Attaching file descriptors to processes with CLONE_FD
Attaching file descriptors to processes with CLONE_FD
Posted Apr 2, 2015 5:10 UTC (Thu) by josh (subscriber, #17465)In reply to: Attaching file descriptors to processes with CLONE_FD by Cyberax
Parent article: Attaching file descriptors to processes with CLONE_FD
That's actually the original motivation for this patch. Thiago Macieira has a userspace library that emulates a subset of clonefd by installing a SIGCHLD handler and sending clonefd_info over a pipe. Having clone4 available allows that library to work in a race-free way, and not take over process-wide SIGCHLD handling.
> A small note, though: clonefd_info needs to have size and version fields for future extensions.
That doesn't necessarily help, especially for a first version: nothing forces userspace to actually *check* those fields, and if they don't, then they'll end up being immutable anyway because the kernel can't break old userspace.
So our current plan is to require applications that can handle reading other structures from the clonefd to opt-in by passing an appropriate flag to clone4. Suggestions welcome, though.
Posted Apr 2, 2015 5:22 UTC (Thu)
by Cyberax (✭ supporter ✭, #52523)
[Link] (20 responses)
> So our current plan is to require applications that can handle reading other structures from the clonefd to opt-in by passing an appropriate flag to clone4. Suggestions welcome, though.
Posted Apr 2, 2015 5:30 UTC (Thu)
by josh (subscriber, #17465)
[Link] (19 responses)
Note that clonefd behaves like a UDP socket here, in that you have to read the entire clonefd_info structure in one read() call, and any unread bits are lost. We chose that behavior because in theory, you could hand the clonefd to multiple threads or processes, all of which can call read() in parallel, and they shouldn't race or receive partial data even if they don't read a complete structure.
So, in effect, there *is* a length field: it's the return value from read(). If you understand a longer structure, read() a longer structure, and on older kernels you'll get a short read.
Posted Apr 2, 2015 6:13 UTC (Thu)
by Cyberax (✭ supporter ✭, #52523)
[Link] (11 responses)
But this design seem to make it impossible to pass large data (command line arguments, for example).
On the other hand, if the corresponding /proc directory could stay alive while there are open FDs to its process, then there's little need to have more information.
Perhaps you could at least add a 'flags' field so the library code could inspect what extra fields are available?
Also, what about getting a FD of an already running process?
Posted Apr 2, 2015 6:18 UTC (Thu)
by josh (subscriber, #17465)
[Link] (10 responses)
We've actually talked about adding an API that would get you from a clonefd to the dirfd of the corresponding /proc directory, from which you could use openat to open the proc files of that process.

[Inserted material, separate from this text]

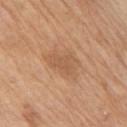This lesion was catalogued during total-body skin photography and was not selected for biopsy. The lesion-visualizer software estimated a lesion color around L≈56 a*≈20 b*≈34 in CIELAB. It also reported a border-irregularity rating of about 4/10, internal color variation of about 2 on a 0–10 scale, and a peripheral color-asymmetry measure near 0.5. The subject is a male aged 68–72. The tile uses white-light illumination. Approximately 3.5 mm at its widest. From the right upper arm. Cropped from a whole-body photographic skin survey; the tile spans about 15 mm.

> Perhaps you could at least add a 'flags' field so the library code could inspect what extra fields are available?
Something like that might happen the first time clonefd_info gets extended, depending on the added fields.
> Also, what about getting a FD of an already running process?
Planned for a subsequent patch.
Posted Apr 2, 2015 6:30 UTC (Thu)
by Cyberax (✭ supporter ✭, #52523)
[Link] (9 responses)
> Something like that might happen the first time clonefd_info gets extended, depending on the added fields.
> Planned for a subsequent patch.
Posted Apr 2, 2015 7:43 UTC (Thu)
by josh (subscriber, #17465)
[Link] (8 responses)
Among other reasons, because file descriptors are unique system-wide, while if you have a PID, you have to know what PID namespace it's relative to. If the process the clonefd refers to is in another PID namespace from you, and for that matter if you've passed it around via UNIX pipes, the clonefd can still hand you a dirfd that unambiguously refers to the correct /proc directory, without any PIDs or translation involved. That seems far cleaner than, for instance, using an ioctl to get the PID from the clonefd, sprintf-ing that into a filename, and opening a file in /proc.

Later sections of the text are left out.